468950 CFB Flow Regimes with Application to Fluidized Bed Combustion

Tuesday, November 15, 2016: 9:12 AM
Golden Gate (Hotel Nikko San Francisco)
Filip Johnsson1, David Pallarès2 and Tove Karlsson2, (1)Department of Energy and Environment, Chalmers University of Technology, Göteborg, Sweden, (2)Energy and Environment, Chalmers University of Technology, Göteborg, Sweden

Based on more than 25 years of fluidized bed (FB) research on mixing and fluid-dynamics with application to FBs in fuel conversion, we give an overview of the characteristics of gas and solids flow in fluidized beds for combustion and gasification. In particular, we discuss the flow and mixing characteristics of the four main regions identified in FB units for fuel conversion, with focus on CFB furnaces; the dense bed, the splash zone, the transport zone and the exit zone. We discuss the main characteristics of these zones and present recent results on how they relate to the net solids flux (Gs), i.e. the externally recirculated solids flux, which is a key parameter for CFB boilers and other dual bed systems, such as applied in chemical looping combustion for CO2 capture and indirect biomass gasification. We draw our conclusions based on measurements and modeling of cold models as well as large commercial FB boilers and gasifiers.

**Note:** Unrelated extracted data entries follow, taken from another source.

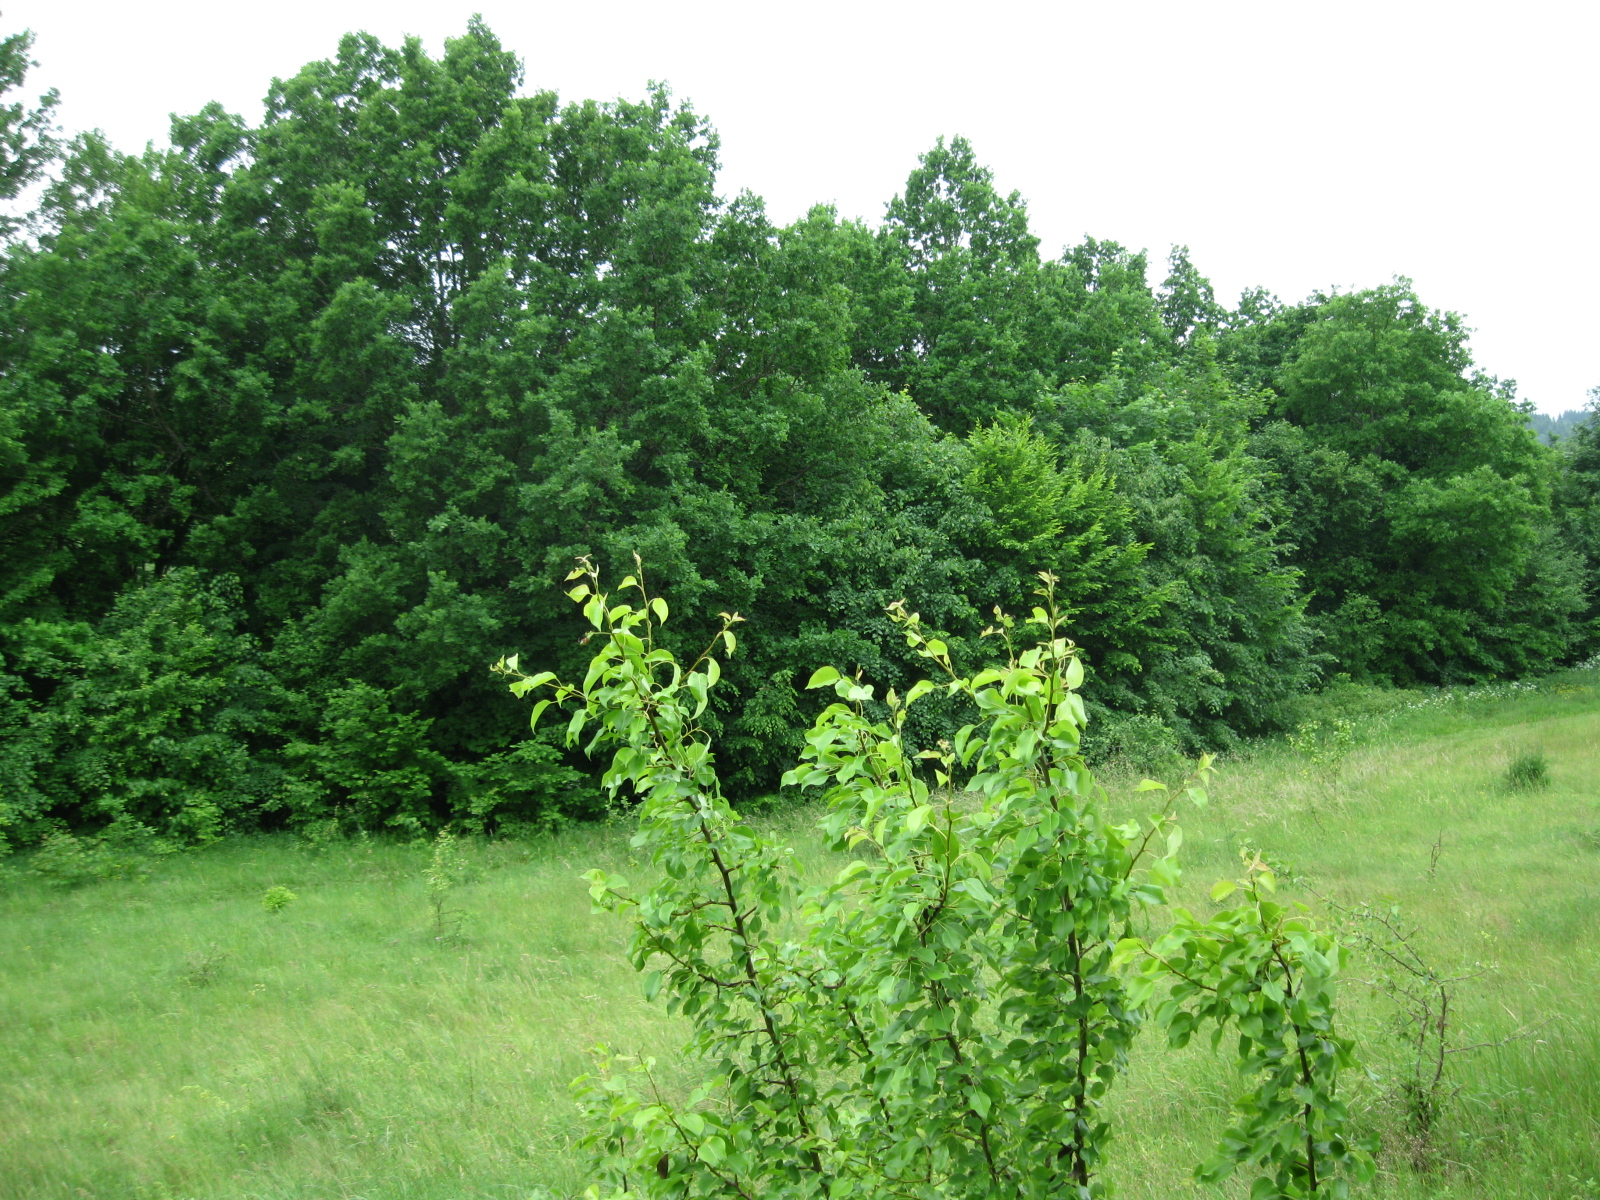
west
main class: Woodland
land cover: Broadleaved woodland
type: non-riverine alder, birch or aspen forest
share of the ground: > 75 %
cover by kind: broadleaved forest trees 85 %, herbaceous plants 10 %, lichens and mosses 5 %
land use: Semi-natural and natural areas not in use
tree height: > 5 m
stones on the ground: < 10 %
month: June
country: LT
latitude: 55.2510
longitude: 23.4988

CFB furnace characteristics

The furnace of fluidized beds for fuel conversion - combustion and gasification –typically have the following characteristics:

  • Aspect ratio of the furnace (H0/Deq) of the order of or less than 10;

  • Aspect ratio of the settled bed, i.e., the bed formed if the solids are not fluidized, Hb,settled/Deq of less than 1;

  • Solids belonging to Group B in the Geldart classification; and

  • Net solids flux that typically ranges from 0.5 to 20 kg/m2s (CFB boilers).

Especially when it comes to circulating fluidized beds (CFB), experimental data on fluid dynamics and mixing reported in the literature were often carried out for other chemical engineering applications than fuel conversion, such as cracking, coating and polymerization. Such data may therefore not be used to draw conclusions of relevance for fuel conversion systems. In contrast to the characteristics listed above, the latter systems typically employ Geldart Group A particles and operate at net solids fluxes often far exceeding 20 kg/m2s and for riser inventories which, if operating at low velocities, correspond to a tall bed operating in slugging regime - a regime which is not found in commercial-scale FBC boilers and gasifiers.

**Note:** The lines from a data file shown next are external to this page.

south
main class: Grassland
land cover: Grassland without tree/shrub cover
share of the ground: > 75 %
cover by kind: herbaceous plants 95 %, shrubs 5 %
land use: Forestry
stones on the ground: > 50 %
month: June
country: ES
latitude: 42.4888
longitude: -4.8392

CFB furnace mixing and fluid-dynamics - an overview

In short, the fluid dynamics and mixing of the main fluid dynamic regions in a CFB furnace can be characterized as follows.

The dense bed: The dense bed is present provided there is a sufficiently high solids inventory and it is characterized by strong fluctuations in the gas flow due to the bubble passages. The dense bed can be maintained also when the superficial velocity exceeds the terminal velocity of a major part of (or all of) the bed solids (under CFB conditions). This is mainly due to that the primary gas passes through the dense bed in a heterogeneous way, partially in the form of large bubbles, which, at high velocities, create a shortcut of gas between the gas distributor and the region above the dense bed. Thus, this flow results in bubbles with oxidizing conditions and an emulsion phase under reducing conditions. Although the amplitude of the gas flow as induced by the bubble flow is drastically reduced above the dense bed, the gas flow fluctuations have important implications for the characteristics of the gas-solids flow in the freeboard.

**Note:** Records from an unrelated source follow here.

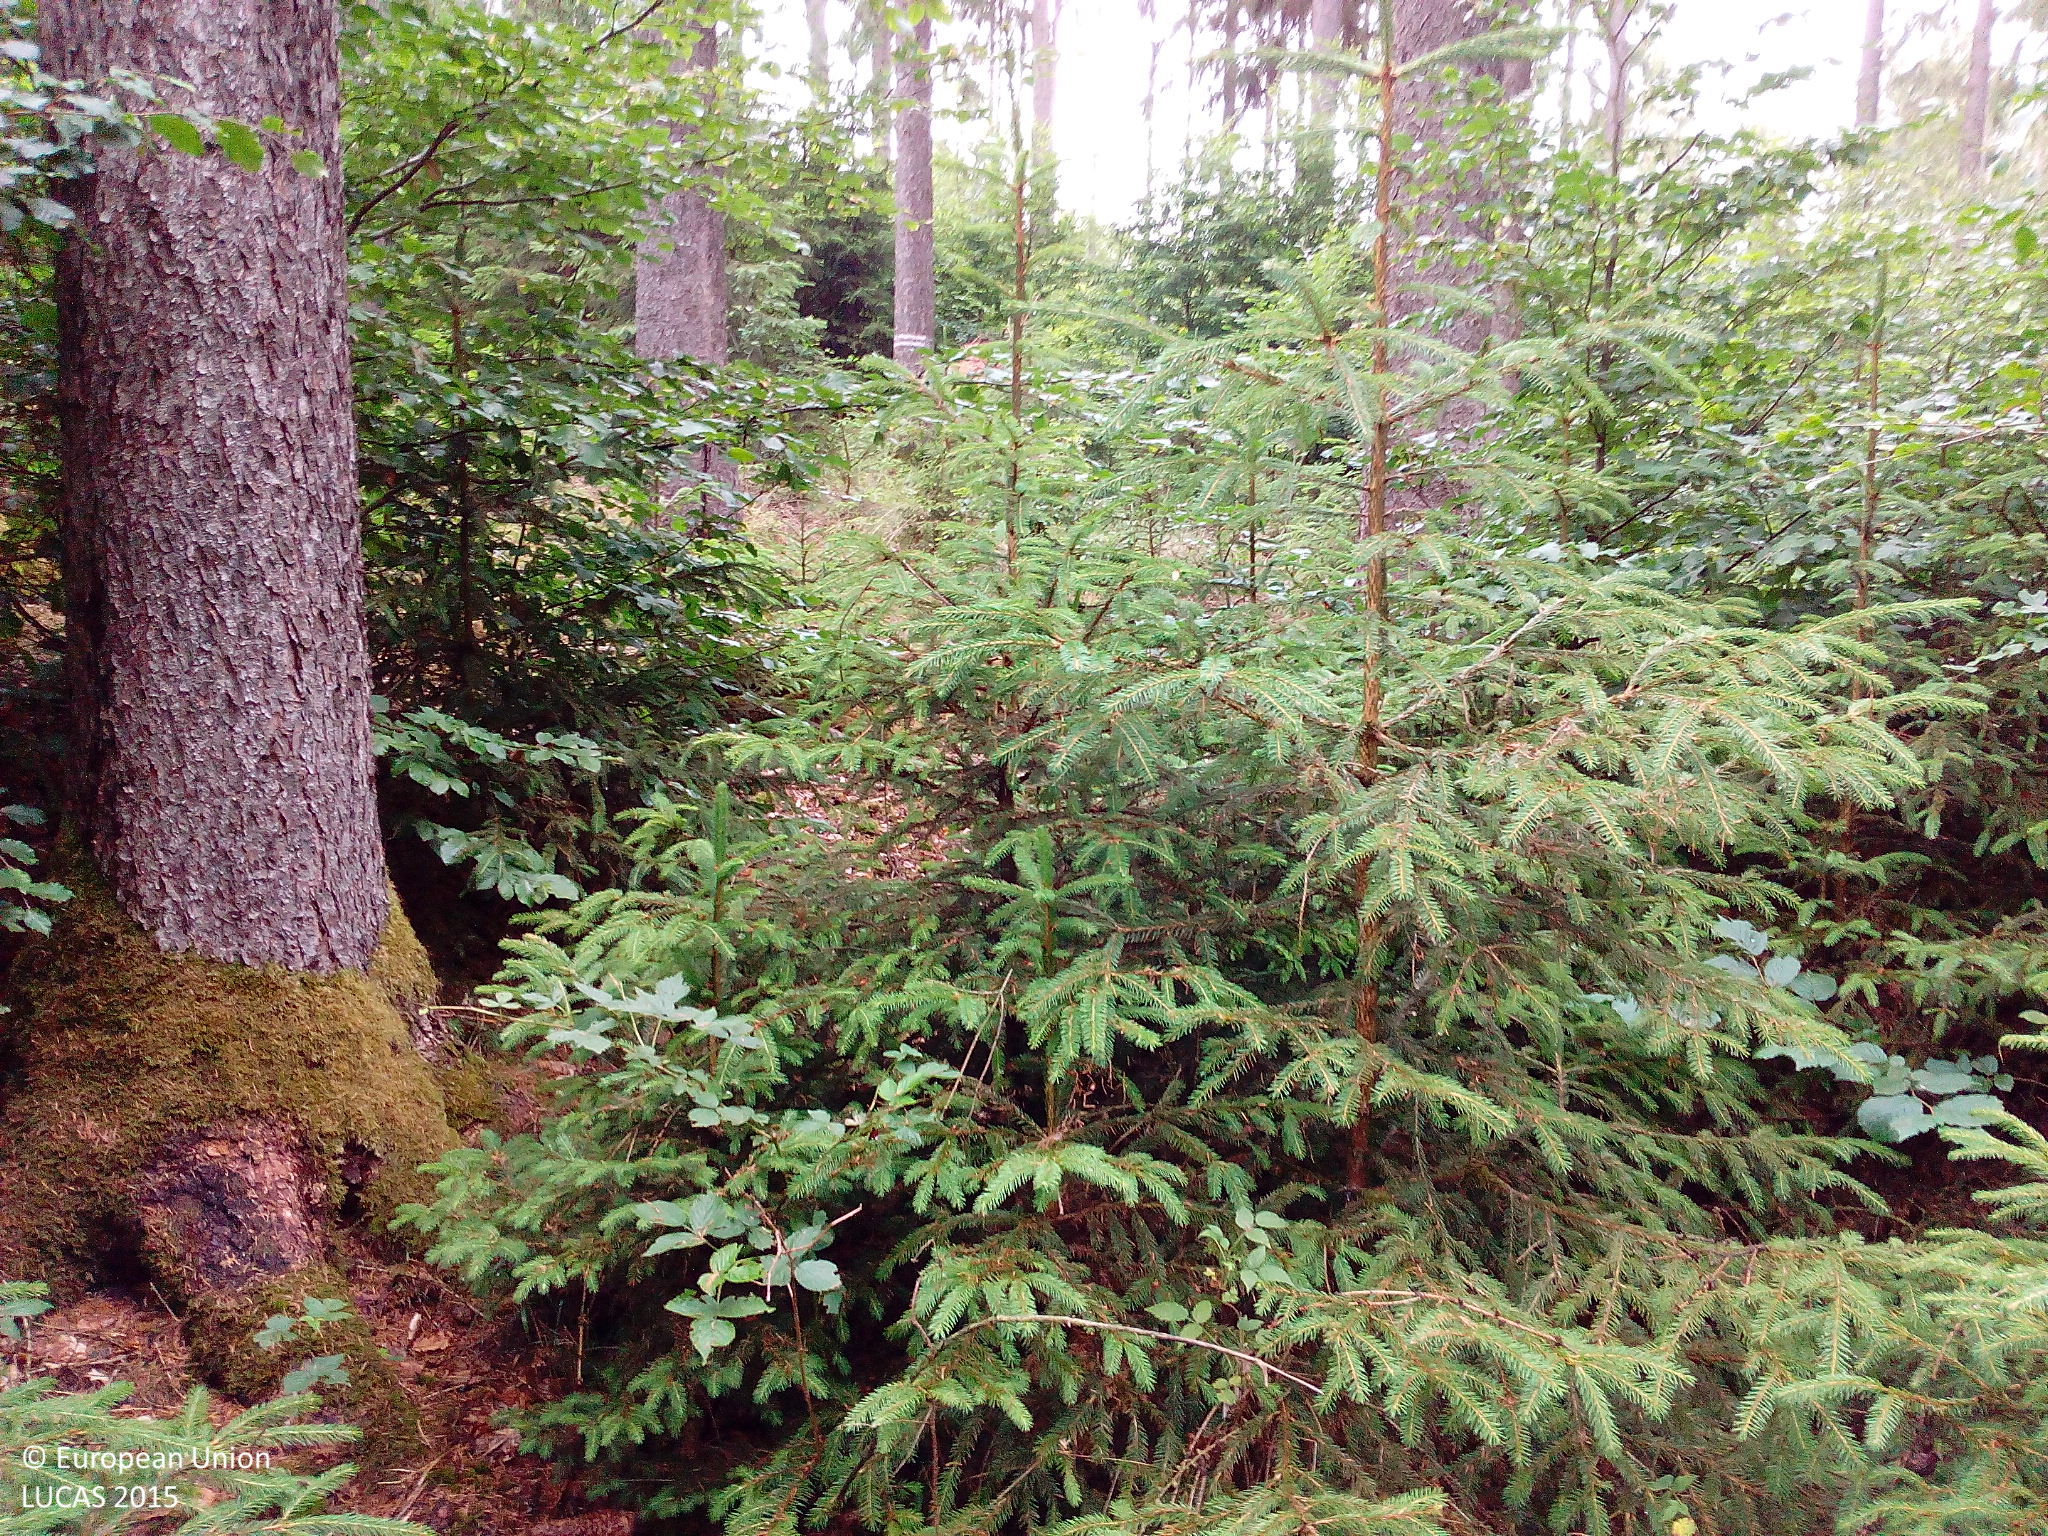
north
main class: Woodland
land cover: Spruce dominated mixed woodland
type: hemiboreal forest and nemoral coniferous forest and mixed broadleaved-coniferous forest
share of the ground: > 75 %
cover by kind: coniferous forest trees 40 %, broadleaved forest trees 30 %, unconsolidated bare surface 20 %, herbaceous plants 5 %, lichens and mosses 5 %
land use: Forestry
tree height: > 5 m
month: July
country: DE
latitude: 51.0292
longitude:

The splash zone:  Above the dense bed, there is a so-called splash zone that consists of solids, which is characterized by strong back mixing mainly due to ballistic movement of clustered solids thrown up by the bubble eruptions.

The transport zone: Under CFB conditions, the gas velocity is sufficiently high to cause a significant portion of the solids to be entrained up through the furnace. Thus, above the splash zone, a transport zone is formed which is characterized by that most of the back-mixing occurs at the furnace walls. The transport zone flow forms a core-annulus structure, with the up-flow mainly in the core region and with a continuous back-mixing at the furnace walls, thereby forming downward flowing wall-layers of solids. Such continuous back-mixing represents a solids size segregation up through the transport zone, i.e. the coarser the solids the higher the probability that they are separated at the furnace walls. Therefore, there is a continuous decrease in average solids size with height in the freeboard of a CFB furnace.

The exit zone: Near the inlet to the cyclone, an exit zone is formed which is governed by gas and solids flow properties and the design of the fluidized bed furnace. A certain portion of the solids which reach the level of the inlet to the cyclone are internally recirculated due to back-flow effects. Thus, whereas the above described flow characteristics of the bed, the splash and the transport zones seem to only depend on furnace (riser) pressure drop and fluidization velocity given a certain set of gas and solid properties, the externally recirculated solids – the net solids flux (Gs) – depend on exit geometry and the configuration and operation of the cyclone side of the CFB loop (cyclone dipleg and particle seal).